Question

Question 1: Evaluating investment projects You are planning to invest $50,000 in new equipment. This investment...

Question 1: Evaluating investment projects

You are planning to invest $50,000 in new equipment. This investment will generate net cash flows of $30,000 a year for the next 2 years. The salvage value after 2 years is zero. The cost of capital is 25% a year.
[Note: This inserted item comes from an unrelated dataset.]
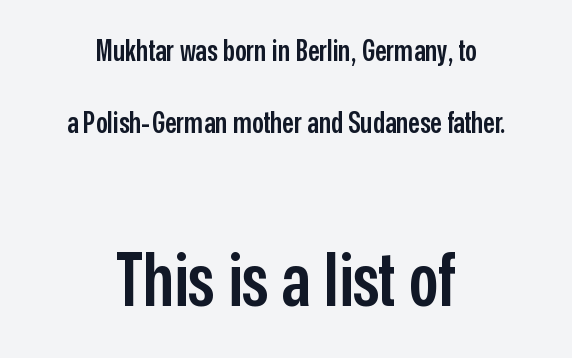
{"serif": "no", "italic": "no", "bold": "semi", "weight": "semibold", "width": "condensed", "stroke_contrast": "low", "x_height": "medium", "monospaced": "no", "underline": "no", "align": "center", "line_spacing": "loose", "line_spacing_ratio": 2.48, "letter_spacing": "normal", "letter_spacing_em": 0.0, "larger_block": "second", "size_ratio": 2.52, "glyph_px": 73}

a) Compute the net present value
NPV = $
Enter negative numbers with a minus sign, i.e., -100 not ($100) or (100).
Should you invest? Why?

YES -- the NPV is positive, which indicates that the investment is profitable

YES -- the NPV is negative, which indicates that the investment will reduce costs    

NO -- the NPV is negative, which indicates that the investment is unprofitable


b) Compute the payback period.
payback period =  years

c) Compute the accounting rate of return (ARR).
To compute ARR, first compute:
   annual depreciation=$
   annual income=$
   average investment=$
ARR =  %
If your answer is 10%, enter 10 without the percent sign.

d) Which of the three methods in (a)-(c) should you use in real life?

NPV only

payback method only   

ARR only

always use all three methods to reach the best decision

Homework Answers

Answer #1

Solution :-

(a) NPV :

NPV = Present Value of Future Inflows - Initial Investment

Initial Investment = $ 50,000

Present Value of Future Inflows = Cumulative Annuity Factor (25%, 2 Years) * $ 30,000

= 1.44 * 30,000

= 43,200

NPV = 43,200 - 50,000

NPV = - 6,800

Should you invest? Why?

Ans .  NO -- the NPV is negative, which indicates that the investment is unprofitable.

(b) Payback Period :

Payback Period = Initial Investment / Cash Inflow per annum.

= 50,000 / 30,000

Payback Period = 1.67 Years.

(c) Accounting Rate of Return or ARR

Annual Depreciation = $ 50,000/ 2

= $ 25,000

Annual Income = $ 30,000 - $ 25,000

= $ 5,000

Average Investment = $ 50,000

ARR = Annual Income / Average Investment * 100

= $ 5,000 / $ 50,000

= 10%

ARR = 10

(d) Which of the three methods in (a)-(c) should you use in real life?

Ans. : Always use all three methods to reach the best decision.